Postby kxLJM » Wed Oct 24, 2018 8:21 am

idk if i should feel sad or annoyed or what honestly?

i shared a pic about not having friends/why have friends when you can have cats and this girl wants to reply saying that she always "hmu but always gets left on seen". the thing is tho is she hasn't spoken to me in over 3 weeks, and i know it's been over 3 weeks bc just like 2 and half to 3 weeks ago i was in the hospital for something that could have been life threatening to my baby and maybe even me and throughout the whole time not once did she ask if i or my baby was okay but had the time to message my sister through the whole ordeal.

like she tries to call herself my best friend but never checks up on me, never ask about my baby or if she is okay, the girl only ever wants to post ultrasound pics on social media to act like she cares. and then it doesn't help bc my sister always takes her side and they'll both gang up on me or my boyf.

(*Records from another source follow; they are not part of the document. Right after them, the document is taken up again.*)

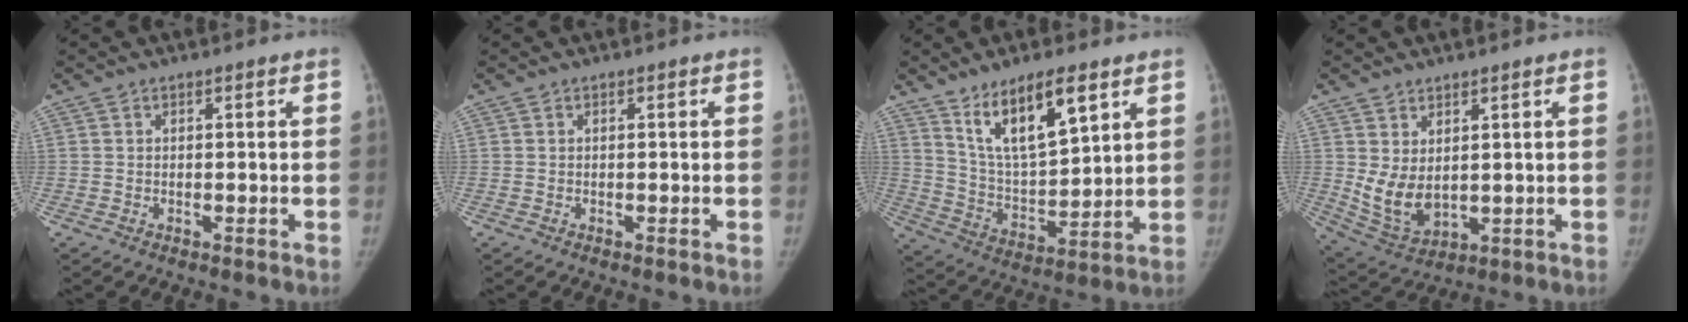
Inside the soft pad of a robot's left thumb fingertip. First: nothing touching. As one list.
[{"total": 0.0}, {"total": 14.1, "force": [8.3, 5.0, 10.2], "torque": [-0.155, -0.047, 0.161]}, {"total": 7.9, "force": [1.8, 4.7, 6.1], "torque": [-0.103, -0.025, 0.056]}]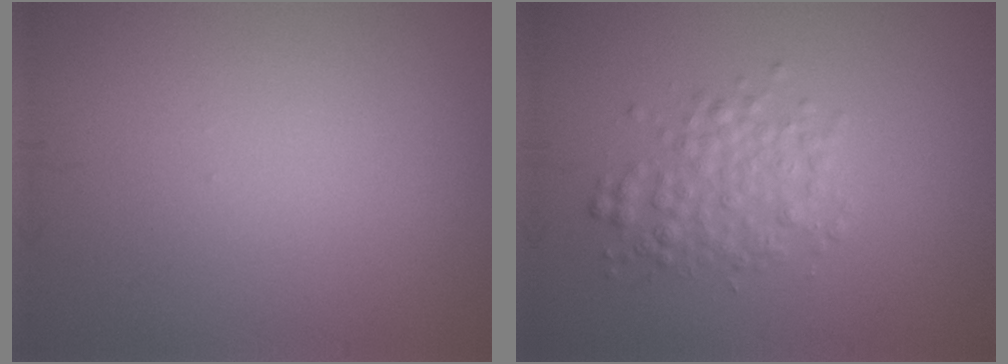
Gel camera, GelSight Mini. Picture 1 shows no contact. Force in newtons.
{"total": 2.8, "press": 2.8, "slide": 0.0}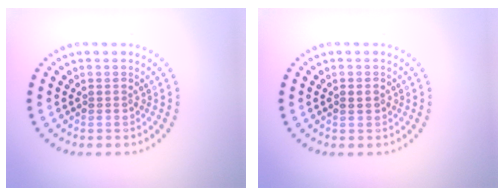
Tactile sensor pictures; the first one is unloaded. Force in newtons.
{"total": 0.9, "press": 0.9, "slide": 0.3}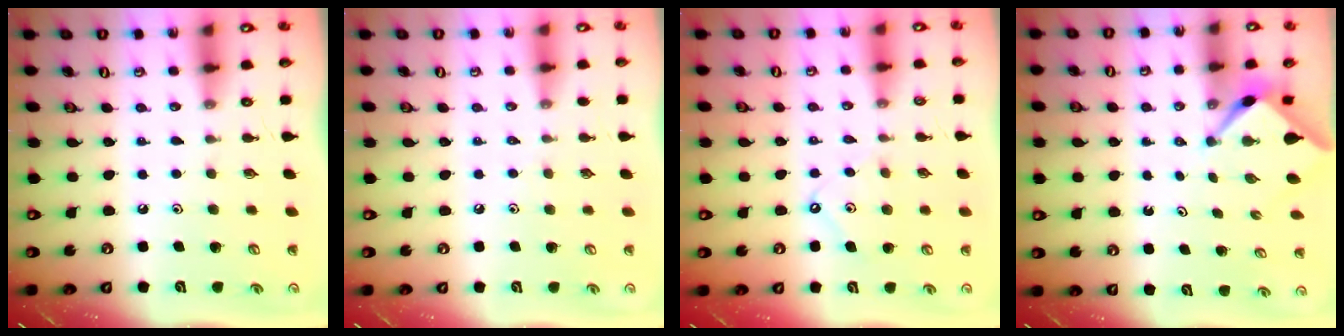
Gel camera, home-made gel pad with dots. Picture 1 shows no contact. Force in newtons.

lets not forget the last time she was over at my house i could hear her and my sister talking bad about me while i was in my room. how do you call yourself a friend but can't even stand up for me but have no problem making me cry over and over?

i know once i tell her i don't want her throwing my baby shower, she's gonna throw a fit, along with my sister.

what also gets me my sister tried to say this girl has always been there for me, but where was she when i was too depressed to leave my house?
where was she when i was in the hospital? where was she when i didn't want to keep going? going out with my sister all while she knew this was going on in my life. never an "are you okay?", only ever asking if i had money or could drive her somewhere. sorry man, that doesn't make a friend.

you can't tell me someome is my friend or that they care about me when they go months without even saying hi but has the time to constantly talk to my sister.

idk how to even feel about this anymore. i just give up on friendships. none of them ever care about me. maybe im not made to have friends.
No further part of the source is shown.